This afternoon at Mathemati-Con, James Tanton proved to us 12 different ways that 1 = 2. Here are just a few of his arguments:

1. Since $i^2 = -1$,

\[ 1 = {i^2 + 3 \over 2} = {(\sqrt{-1})(\sqrt{-1}) + 3 \over 2} = {\sqrt{(-1)(-1)} + 3 \over 2} = 2 \]

2. Take a unit square. The diagonal has length $\sqrt{2}$ by the Pythagorean theorem. But we can also approximate the diagonal using a staircase. The lengths of the horizontal segments of the staircase must add to 1, as must the lengths of the vertical segments. So the staircase, no matter how closely it approximates the diagonal, always has length 2. As we make the approximation better, this means that $\sqrt{2} = 2$ and therefore $2 = 4$ implies $1 = 2$.

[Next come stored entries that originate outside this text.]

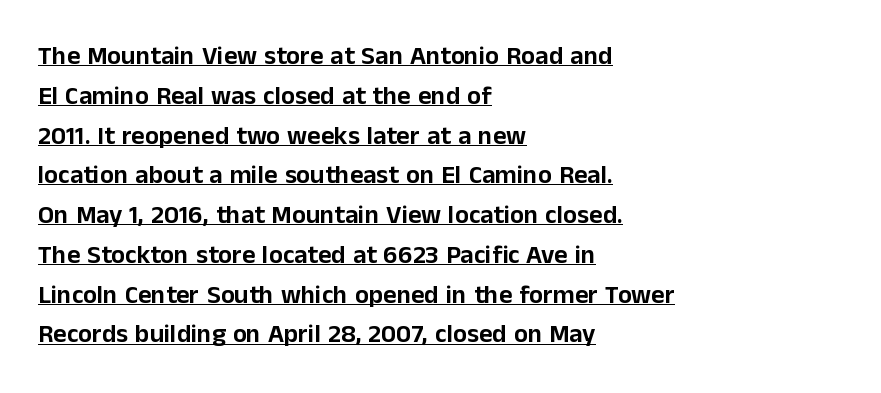
Like a heading marked for emphasis, these lines bear an underscore. Characters remain perfectly vertical along every line. The rendering uses a moderate line-height, typical for paragraphs. Honestly, the letter spacing is just normal — you wouldn't notice it. Reading down the block, your eye returns to a fixed left position each line.
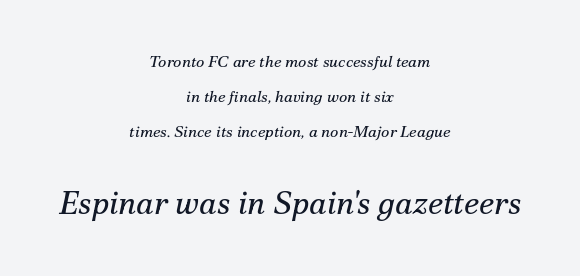
The image shows 32 px regular-weight serif type, italic (leaning right); set centered, loose line spacing (2.2x), normal letter spacing, not underlined; the second (bottom) block is 2.0x larger; medium stroke contrast and a small x-height.
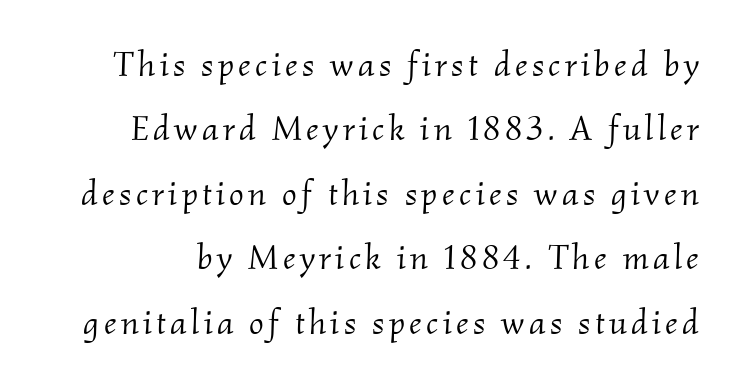
The font's italic variant was chosen for this text. Stems here are at most as thick as an everyday book face. Typographically, this falls in the serif category. Proportional: the letters do not fall into vertical columns. Clear beneath every line of the passage.
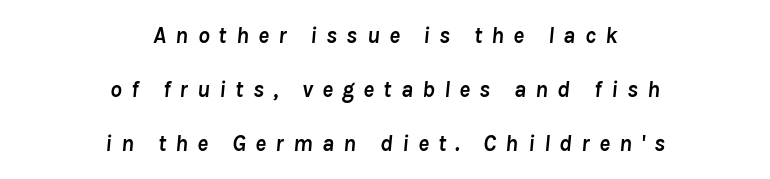
Only glyphs here, with clear space below each row. Bold? Absolutely — the strokes are thick and heavy. A typesetter would call this leading open, well beyond the default. The paragraph has two soft edges and a firm central axis.

3. Write $ 0 = 0 + 0 + 0 + \dots$. Since $0 = 1 – 1$, we have

\[ 0 = (1-1) + (1-1) + (1-1) + \dots \]

But if we rearrange the parentheses, we get

\[ 0 = 1 + (-1+1) + (-1+1) + (-1 +1) + \dots = 1 + 0 + 0+ \dots = 1. \]

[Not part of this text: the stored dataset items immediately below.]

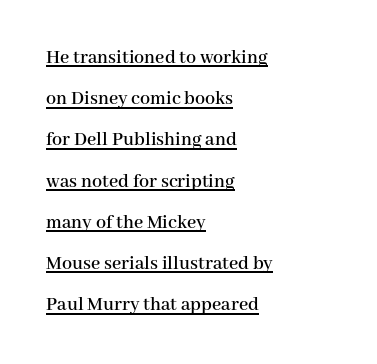
This sample uses plain, unmodified letter spacing. Regarding leading, the lines here are spaced well apart. In terms of posture, this sample is upright. Every row of glyphs begins at an identical x-position on the left. Notice how a bar underscores the lettering throughout.
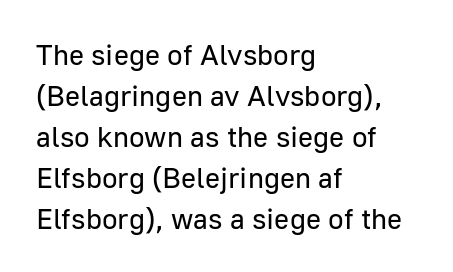
Q: Is the text bold? A: No.
Q: Is the text italic (slanted)? A: No, it is upright.
Q: Is the typeface a serif or a sans-serif typeface? A: Sans-serif.
Q: Is the text underlined? A: No.
Q: How is the paragraph aligned? A: Left-aligned.
Q: Is the spacing between letters normal or unusually wide? A: Normal.
Q: Is the spacing between lines tight, normal or loose? A: Normal.
Q: Width (condensed, normal, or wide)? A: Normal.
Q: Stroke contrast? A: Low.
Q: x-height? A: Medium.
Q: Monospaced? A: No.

Thus $0 = 1$; adding 1 to both sides gives $1 = 2$.

See if you can spot the mistakes in each of the arguments. Tanton ended with the following irrefutable “proof by shopping”: At a store holding a 2-for-1 sale, he asked the sales associate how much it would cost to buy 1 item. She responded that it was the regular price–that is, the same price as buying 2 items. Hence it must follow that $1 = 2$.